The Accounted Tax Team·28 February 2026·6 min read

The System You Know

If you've been self-employed for any length of time, Self Assessment is a familiar routine. Keep your records throughout the year (or, let's be honest, stuff receipts in a drawer and deal with it later), then file your tax return by 31 January.

Your Accounted dashboard shows your real-time tax position Your Accounted dashboard shows your real-time tax position

It's been this way since 1996. Now Making Tax Digital is changing the fundamentals. But the changes aren't quite as dramatic as the headlines suggest. Some things are genuinely different. Some things stay exactly the same. Understanding the distinction is the key to not getting overwhelmed.

What MTD Actually Replaces

The biggest change is moving from annual reporting to quarterly reporting. Instead of one tax return per year, you'll submit four quarterly updates to HMRC throughout the tax year, followed by an End of Period Statement and a Final Declaration.

Here's what that looks like in practice:

Under Self Assessment (Current System)

  1. Keep records throughout the tax year (6 April to 5 April)
  2. File your tax return by 31 January (online) or 31 October (paper)
  3. Pay your tax bill by 31 January (plus payments on account if applicable)

Under MTD (New System)

  1. Keep digital records throughout the tax year using compatible software
  2. Submit quarterly updates summarising income and expenses (deadlines: 5 Aug, 5 Nov, 5 Feb, 5 May)
  3. Submit an End of Period Statement confirming year-end adjustments
  4. Submit a Final Declaration (replaces the tax return) by 31 January
  5. Pay your tax bill by 31 January (payments on account still apply)

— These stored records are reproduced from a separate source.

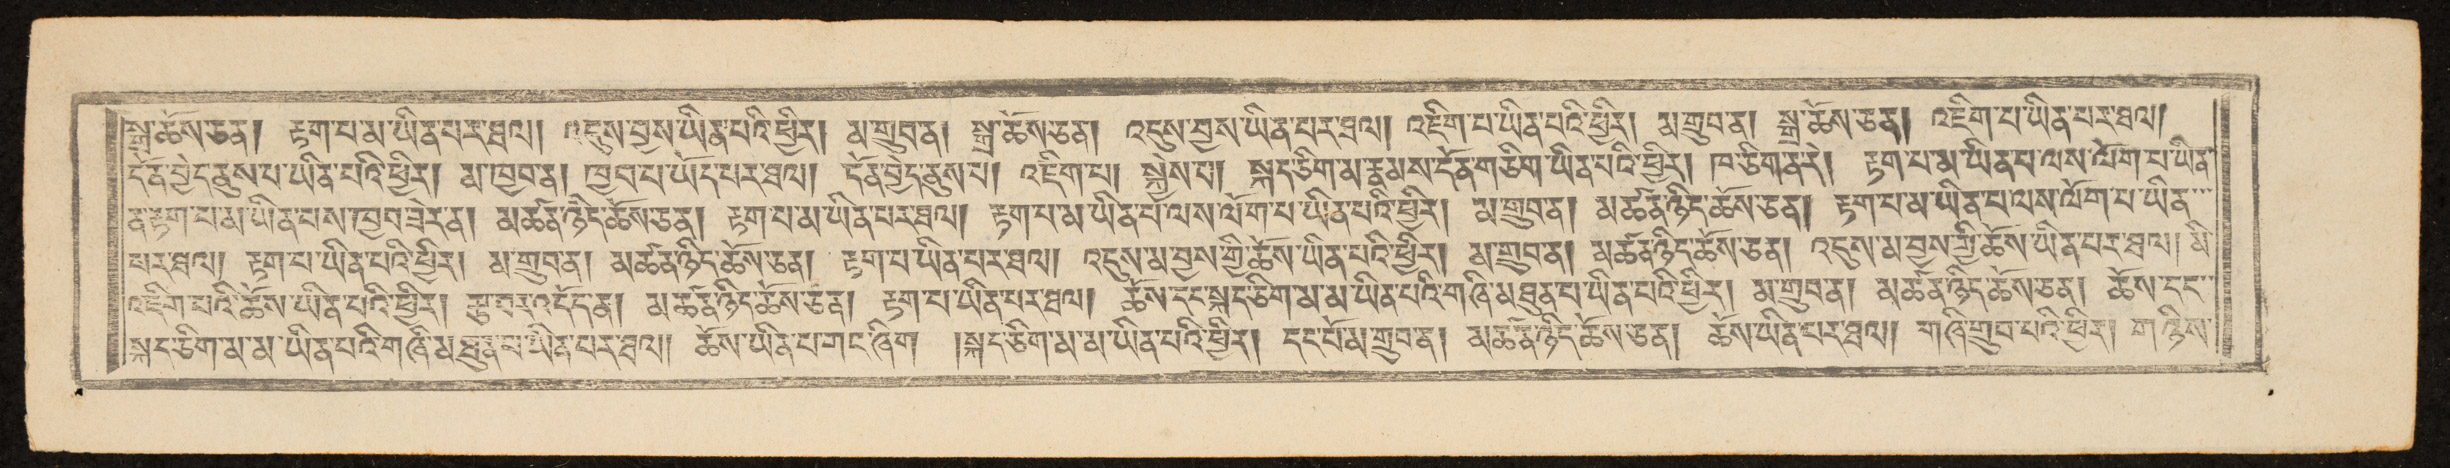སྒྲ་ཆོས་ཅན། རྟག་པ་མ་ཡིན་པར་ཐལ། འདུས་བྱས་ཡིན་པའི་ཕྱིར། མ་གྲུབ་ན། སྒྲ་ཆོས་ཅན། འདུས་བྱས་ཡིན་པར་ཐལ། འཇིག་པ་ཡིན་པའི་ཕྱིར། མ་གྲུབ་ན། སྒྲ་ཆོས་ཅན། འཇིག་པ་ཡིན་པར་ཐལ།
དོན་བྱེད་ནུས་པ་ཡིན་པའི་ཕྱིར། མ་ཁྱབ་ན། ཁྱབ་པ་ཡོད་པར་ཐལ། དོན་བྱེད་ནུས་པ། འཇིག་པ། སྐྱེས་པ། སྐད་ཅིག་མ་རྣམས་དོན་གཅིག་ཡིན་པའི་ཕྱིར། ཁ་ཅིག་ན་རེ། རྟག་པ་མ་ཡིན་པ་ལས་ལོག་པ་ཡིན་
ན་རྟག་པ་མ་ཡིན་པས་ཁྱབ་ཟེར་ན། མཚན་ཉིད་ཆོས་ཅན། རྟག་པ་མ་ཡིན་པར་ཐལ། རྟག་པ་མ་ཡིན་པ་ལས་ལོག་པ་ཡིན་པའི་ཕྱིར། མ་གྲུབ་ན། མཚན་ཉིད་ཆོས་ཅན། རྟག་པ་མ་ཡིན་པ་ལས་ལོག་པ་ཡིན་
པར་ཐལ། རྟག་པ་ཡིན་པའི་ཕྱིར། མ་གྲུབ་ན། མཚན་ཉིད་ཆོས་ཅན། རྟག་པ་ཡིན་པར་ཐལ། འདུས་མ་བྱས་ཀྱི་ཆོས་ཡིན་པའི་ཕྱིར། མ་གྲུབ་ན། མཚན་ཉིད་ཆོས་ཅན། འདུས་མ་བྱས་ཀྱི་ཆོས་ཡིན་པར་ཐལ། མི་
འཇིག་པའི་ཆོས་ཡིན་པའི་ཕྱིར། རྩ་བར་འདོད་ན། མཚན་ཉིད་ཆོས་ཅན། རྟག་པ་ཡིན་པར་ཐལ། ཆོས་དང་སྐད་ཅིག་མ་མ་ཡིན་པའི་གཞི་མཐུན་པ་ཡིན་པའི་ཕྱིར། མ་གྲུབ་ན། མཚན་ཉིད་ཆོས་ཅན། ཆོས་དང་
སྐད་ཅིག་མ་མ་ཡིན་པའི་གཞི་མཐུན་པ་ཡིན་པར་ཐལ། ཆོས་ཡིན་པ་གང་ཞིག །སྐད་ཅིག་མ་མ་ཡིན་པའི་ཕྱིར། དང་པོ་མ་གྲུབ་ན། མཚན་ཉིད་ཆོས་ཅན། ཆོས་ཡིན་པར་ཐལ། གཞི་གྲུབ་པའི་ཕྱིར། གཉིས་

The quarterly updates are the new element. The Final Declaration is essentially a renamed, slimmed-down version of the Self Assessment return. And the payment deadlines haven't changed at all.

What Stays the Same

More stays the same than you might think:

The 31 January Deadline

Your Final Declaration and tax payment are still due by 31 January. That familiar deadline isn't going anywhere.

Payments on Account

If your tax bill is over £1,000, you'll still make payments on account — 50% by 31 January, 50% by 31 July. MTD hasn't changed the payment structure.

What You Can Claim

Your allowable expenses remain the same. If you could claim it before, you can claim it under MTD.

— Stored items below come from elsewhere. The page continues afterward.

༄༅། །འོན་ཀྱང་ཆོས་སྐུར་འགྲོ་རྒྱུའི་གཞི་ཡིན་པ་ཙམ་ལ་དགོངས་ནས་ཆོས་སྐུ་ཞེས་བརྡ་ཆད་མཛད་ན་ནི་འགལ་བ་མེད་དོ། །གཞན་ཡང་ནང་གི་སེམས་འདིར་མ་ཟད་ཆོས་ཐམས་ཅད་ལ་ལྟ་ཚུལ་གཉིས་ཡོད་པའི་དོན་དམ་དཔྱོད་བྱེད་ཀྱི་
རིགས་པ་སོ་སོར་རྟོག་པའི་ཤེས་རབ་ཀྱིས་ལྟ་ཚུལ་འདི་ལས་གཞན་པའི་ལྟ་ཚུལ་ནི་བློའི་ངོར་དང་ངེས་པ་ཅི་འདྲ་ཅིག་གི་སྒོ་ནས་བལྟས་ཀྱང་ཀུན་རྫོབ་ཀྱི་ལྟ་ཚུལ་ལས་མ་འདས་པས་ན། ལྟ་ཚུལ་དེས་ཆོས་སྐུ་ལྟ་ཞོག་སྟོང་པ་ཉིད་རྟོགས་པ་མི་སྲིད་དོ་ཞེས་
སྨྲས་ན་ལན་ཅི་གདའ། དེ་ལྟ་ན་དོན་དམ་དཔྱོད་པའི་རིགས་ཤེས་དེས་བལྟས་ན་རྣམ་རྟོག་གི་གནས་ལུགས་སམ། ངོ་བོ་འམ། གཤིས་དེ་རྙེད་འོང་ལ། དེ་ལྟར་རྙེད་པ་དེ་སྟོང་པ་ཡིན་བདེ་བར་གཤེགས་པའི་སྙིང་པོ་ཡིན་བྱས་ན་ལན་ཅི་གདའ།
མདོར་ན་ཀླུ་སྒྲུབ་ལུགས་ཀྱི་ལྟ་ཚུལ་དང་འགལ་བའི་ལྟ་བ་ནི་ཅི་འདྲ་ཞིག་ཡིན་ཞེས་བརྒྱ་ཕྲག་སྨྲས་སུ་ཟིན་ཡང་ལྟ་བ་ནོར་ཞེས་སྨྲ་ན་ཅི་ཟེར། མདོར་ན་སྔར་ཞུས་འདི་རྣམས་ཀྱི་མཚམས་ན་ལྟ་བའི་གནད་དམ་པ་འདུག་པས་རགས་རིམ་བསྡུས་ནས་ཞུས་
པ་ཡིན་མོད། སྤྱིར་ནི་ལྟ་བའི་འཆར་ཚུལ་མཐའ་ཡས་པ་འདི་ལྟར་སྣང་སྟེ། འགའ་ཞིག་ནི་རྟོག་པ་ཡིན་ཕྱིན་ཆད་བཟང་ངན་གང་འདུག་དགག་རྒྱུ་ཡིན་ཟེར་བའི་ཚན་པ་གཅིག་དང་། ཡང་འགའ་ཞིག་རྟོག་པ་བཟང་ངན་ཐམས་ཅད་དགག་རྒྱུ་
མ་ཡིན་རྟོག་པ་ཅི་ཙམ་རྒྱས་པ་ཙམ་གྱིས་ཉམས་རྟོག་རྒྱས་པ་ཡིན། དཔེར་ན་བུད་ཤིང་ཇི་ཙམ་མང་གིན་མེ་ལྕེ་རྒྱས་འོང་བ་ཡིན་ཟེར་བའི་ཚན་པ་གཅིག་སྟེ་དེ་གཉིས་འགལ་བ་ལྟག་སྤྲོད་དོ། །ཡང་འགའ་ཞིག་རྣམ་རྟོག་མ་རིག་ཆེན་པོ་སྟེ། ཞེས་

Capital Allowances and Adjustments

Year-end adjustments like capital allowances and loss relief are still handled at year end through the End of Period Statement — not in quarterly updates.

Tax Codes and Thresholds

Your personal allowance and tax code work exactly the same way. National Insurance is calculated on the same basis.

The Transition Period: Running Both Systems

Here's something that isn't widely publicised: during the transition period, Self Assessment doesn't disappear immediately. For the 2025/26 tax year (the last year before MTD kicks in for the first group), you'll file a normal Self Assessment return as usual.

From the 2026/27 tax year onwards (starting 6 April 2026), if you're in the first MTD group (gross income over £50,000), you'll switch to the new system. Your 2026/27 tax obligations will be met through quarterly updates and a Final Declaration rather than a Self Assessment return.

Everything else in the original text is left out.